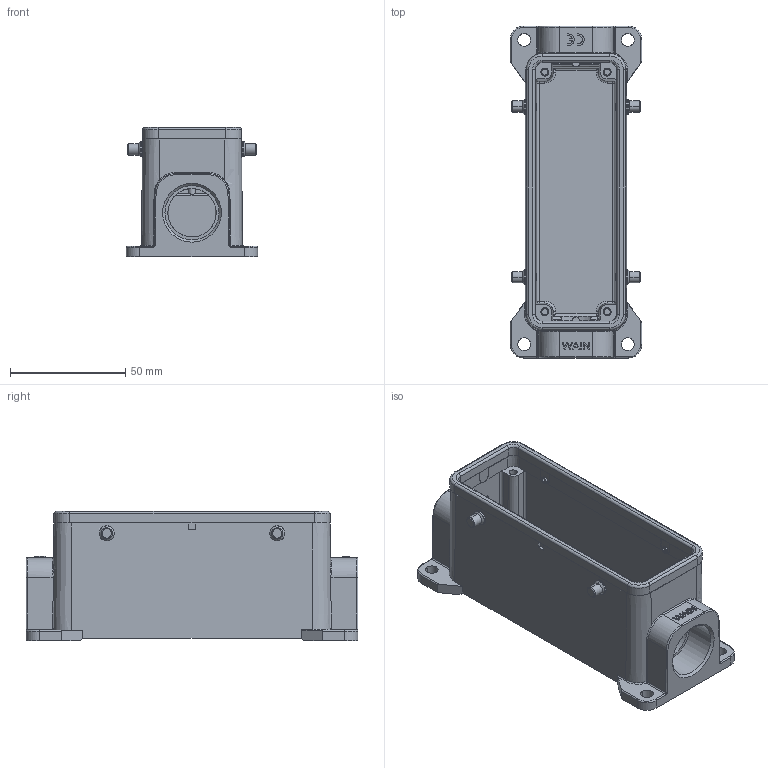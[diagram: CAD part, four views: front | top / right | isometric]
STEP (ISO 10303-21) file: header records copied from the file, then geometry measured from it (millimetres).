
FILE_DESCRIPTION(/* description */ (''),/* implementation_level */ '2;1');
FILE_NAME(/* name */ '3D_1240242301003_HV24B-SF-4B-M25_V1.1.STP',/* time_stamp */ '2024-01-11T11:28:20+08:00',/* author */ (''),/* organization */ (''),/* preprocessor_version */ 'ST-DEVELOPER v18.1',/* originating_system */ 'SIEMENS PLM Software NX 1980',/* authorisation */ '');
FILE_SCHEMA (('AUTOMOTIVE_DESIGN { 1 0 10303 214 3 1 1 1 }'));
Length unit declared in the file: millimetre
Products named in the file (1): 145933408BBA2o4l
Bounding box: 57 x 144 x 56 mm (x, y, z)
Volume: 108233.5 mm3; surface area: 54764.4 mm2
Topology: 6 solids, 6 shells, 480 faces, 1222 edges, 767 vertices
Faces by surface type: plane 204, cylinder 178, torus 48, cone 38, sphere 8, bspline 4
Full cylindrical faces by diameter (mm): 3 x4, 21 x1, 23.5 x2
Entity records: 14858 total; most frequent: CARTESIAN_POINT 3350, ORIENTED_EDGE 2382, DIRECTION 2375, EDGE_CURVE 1191, AXIS2_PLACEMENT_3D 873, VERTEX_POINT 761, LINE 629, VECTOR 629
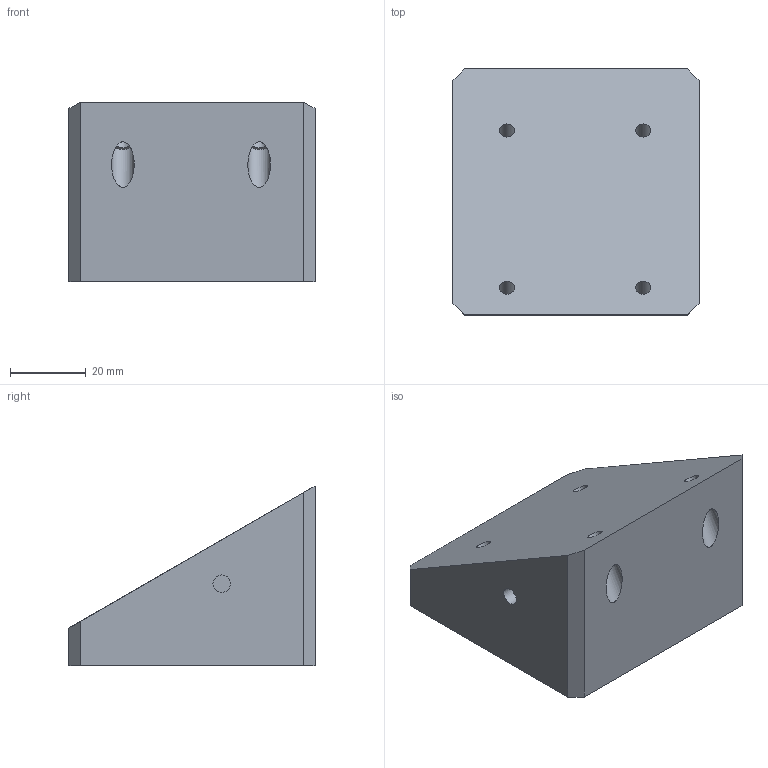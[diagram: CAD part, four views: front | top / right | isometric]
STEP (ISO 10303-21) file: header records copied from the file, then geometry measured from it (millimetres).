
FILE_DESCRIPTION(/* description */ ('STEP AP242 Edition 2','CAx-IF Rec.Pracs.---Representation and Presentation of Product Manufacturing Information (PMI)---4.0---2014-10-13','CAx-IF Rec.Pracs.---3D Tessellated Geometry---0.4---2014-09-14','2;1','CAx-IF Rec.Pracs.---User Defined Attributes---1.5---2016-08-15'),/* implementation_level */ '2;1');
FILE_NAME(/* name */ '697b8e6bee73e4e396226cbd',/* time_stamp */ '2026-01-29T16:44:28Z',/* author */ (''),/* organization */ (''),/* preprocessor_version */ 'ST-DEVELOPER v20',/* originating_system */ 'ONSHAPE BY PTC INC, 1.209',/* authorisation */ ' ');
FILE_SCHEMA (('AP242_MANAGED_MODEL_BASED_3D_ENGINEERING_MIM_LF { 1 0 10303 442 3 1 4 }'));
Length unit declared in the file: metre
Products named in the file (1): Part 1
Bounding box: 65 x 65 x 47.53 mm (x, y, z)
Volume: 118609 mm3; surface area: 18062.4 mm2
Topology: 1 solids, 1 shells, 34 faces, 80 edges, 54 vertices
Faces by surface type: plane 16, cylinder 14, cone 4
Full cylindrical faces by diameter (mm): 4 x4, 4.6 x6, 6 x4
Entity records: 862 total; most frequent: DIRECTION 150, CARTESIAN_POINT 135, ORIENTED_EDGE 104, FACE_BOUND 70, EDGE_LOOP 66, AXIS2_PLACEMENT_3D 63, EDGE_CURVE 52, VERTEX_POINT 48
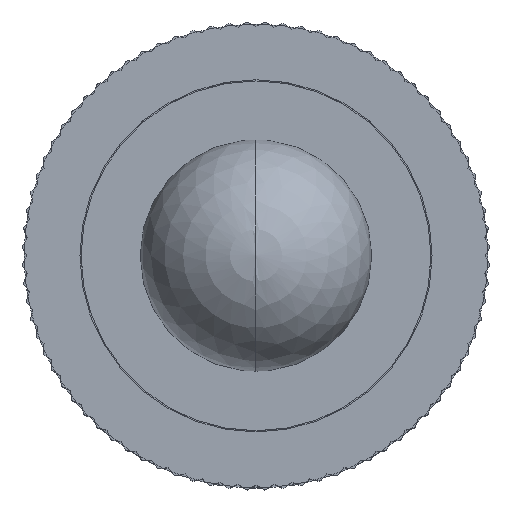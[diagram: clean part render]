
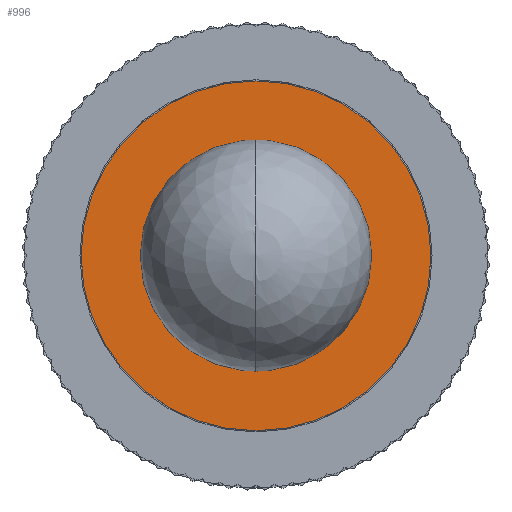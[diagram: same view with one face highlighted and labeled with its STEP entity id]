
A CAD part, top view. The second image highlights one B-rep face of the part: STEP entity #996.
In plain terms, the highlighted planar face has unit normal (0, 0, 1).
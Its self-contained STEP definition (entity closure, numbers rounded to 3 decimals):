
#996=ADVANCED_FACE('',(#2270,#2271),#2272,.F.);
#2270=FACE_BOUND('',#3822,.T.);
#2271=FACE_OUTER_BOUND('',#3823,.T.);
#2272=PLANE('',#3824);
#3822=EDGE_LOOP('',(#6905,#6906));
#3823=EDGE_LOOP('',(#6907,#6908));
#3824=AXIS2_PLACEMENT_3D('',#6909,#6910,#6911);
#6905=ORIENTED_EDGE('',*,*,#9508,.T.);
#6906=ORIENTED_EDGE('',*,*,#10641,.T.);
#6907=ORIENTED_EDGE('',*,*,#10642,.F.);
#6908=ORIENTED_EDGE('',*,*,#10643,.F.);
#6909=CARTESIAN_POINT('',(0.0,0.,0.));
#6910=DIRECTION('',(0.,0.,-1.0));
#6911=DIRECTION('',(0.0,1.0,0.));
#9508=EDGE_CURVE('',#11440,#11444,#11446,.T.);
#10641=EDGE_CURVE('',#11444,#11440,#13254,.T.);
#10642=EDGE_CURVE('',#13255,#13256,#13257,.T.);
#10643=EDGE_CURVE('',#13256,#13255,#13258,.T.);
#11440=VERTEX_POINT('',#14179);
#11444=VERTEX_POINT('',#14184);
#11446=CIRCLE('',#14187,1.75);
#13254=CIRCLE('',#16616,1.75);
#13255=VERTEX_POINT('',#16617);
#13256=VERTEX_POINT('',#16618);
#13257=CIRCLE('',#16619,3.775);
#13258=CIRCLE('',#16620,3.775);
#14179=CARTESIAN_POINT('',(0.0,1.75,0.));
#14184=CARTESIAN_POINT('',(0.,-1.75,0.));
#14187=AXIS2_PLACEMENT_3D('',#17665,#17666,#17667);
#16616=AXIS2_PLACEMENT_3D('',#19210,#19211,#19212);
#16617=CARTESIAN_POINT('',(0.0,3.775,0.));
#16618=CARTESIAN_POINT('',(0.,-3.775,0.));
#16619=AXIS2_PLACEMENT_3D('',#19213,#19214,#19215);
#16620=AXIS2_PLACEMENT_3D('',#19216,#19217,#19218);
#17665=CARTESIAN_POINT('',(0.,0.,0.));
#17666=DIRECTION('',(0.,0.,-1.0));
#17667=DIRECTION('',(0.0,1.0,0.));
#19210=CARTESIAN_POINT('',(0.,0.,0.));
#19211=DIRECTION('',(0.,0.,-1.0));
#19212=DIRECTION('',(0.0,1.0,0.));
#19213=CARTESIAN_POINT('',(0.0,0.,0.));
#19214=DIRECTION('',(0.,0.,-1.0));
#19215=DIRECTION('',(0.,1.0,0.));
#19216=CARTESIAN_POINT('',(0.0,0.,0.));
#19217=DIRECTION('',(0.,0.,-1.0));
#19218=DIRECTION('',(0.,1.0,0.));
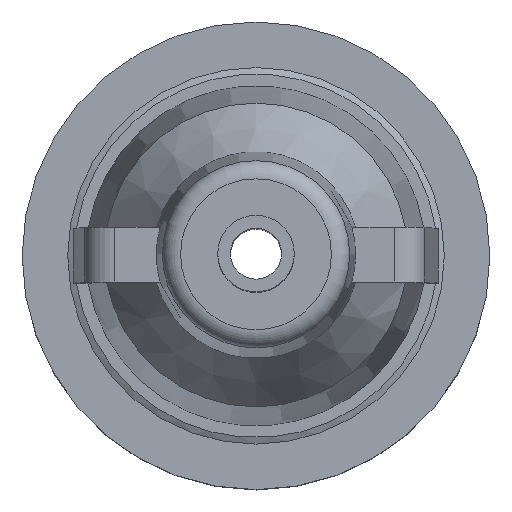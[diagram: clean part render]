
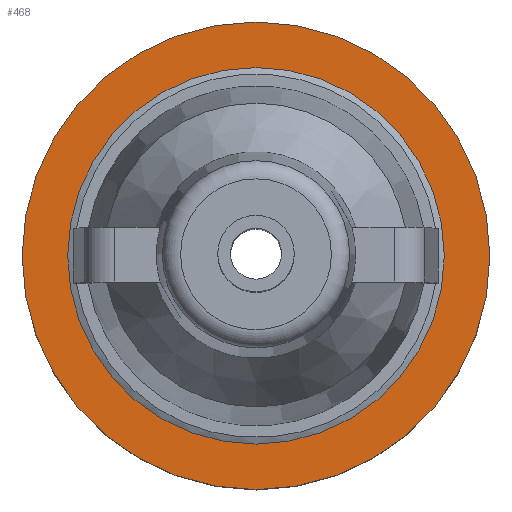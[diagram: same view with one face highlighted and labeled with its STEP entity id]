
A CAD part, top view. The second image highlights one B-rep face of the part: STEP entity #468.
In plain terms, the highlighted planar face has unit normal (0, 0, 1).
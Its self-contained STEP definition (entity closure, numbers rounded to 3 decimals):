
#69=PLANE('',#519);
#92=ORIENTED_EDGE('',*,*,#219,.T.);
#93=ORIENTED_EDGE('',*,*,#218,.T.);
#218=EDGE_CURVE('',#282,#282,#328,.T.);
#219=EDGE_CURVE('',#283,#283,#329,.T.);
#282=VERTEX_POINT('',#761);
#283=VERTEX_POINT('',#764);
#328=CIRCLE('',#518,3.85);
#329=CIRCLE('',#520,3.1);
#368=EDGE_LOOP('',(#92));
#369=EDGE_LOOP('',(#93));
#416=FACE_BOUND('',#368,.T.);
#417=FACE_BOUND('',#369,.T.);
#468=ADVANCED_FACE('',(#416,#417),#69,.T.);
#518=AXIS2_PLACEMENT_3D('',#760,#598,#599);
#519=AXIS2_PLACEMENT_3D('',#762,#600,#601);
#520=AXIS2_PLACEMENT_3D('',#763,#602,#603);
#598=DIRECTION('',(0.,0.,1.));
#599=DIRECTION('',(0.,-1.,0.));
#600=DIRECTION('',(0.,0.,1.));
#601=DIRECTION('',(1.,0.,0.));
#602=DIRECTION('',(0.,0.,-1.));
#603=DIRECTION('',(-1.,0.,0.));
#760=CARTESIAN_POINT('',(0.,0.,2.95));
#761=CARTESIAN_POINT('',(0.,-3.85,2.95));
#762=CARTESIAN_POINT('',(0.,0.,2.95));
#763=CARTESIAN_POINT('',(0.,0.,2.95));
#764=CARTESIAN_POINT('',(-3.1,0.,2.95));

**YOUR INSTRUCTIONS**
Look through the data above and return exactly the lines from the one that contains "#329=CIRCLE('',#520,3.1);" to the one that contains "#518=AXIS2_PLACEMENT_3D('',#760,#598,#599);", inclusive, with nothing else.

**ANSWER TO THE PROBLEM**
#329=CIRCLE('',#520,3.1);
#368=EDGE_LOOP('',(#92));
#369=EDGE_LOOP('',(#93));
#416=FACE_BOUND('',#368,.T.);
#417=FACE_BOUND('',#369,.T.);
#468=ADVANCED_FACE('',(#416,#417),#69,.T.);
#518=AXIS2_PLACEMENT_3D('',#760,#598,#599);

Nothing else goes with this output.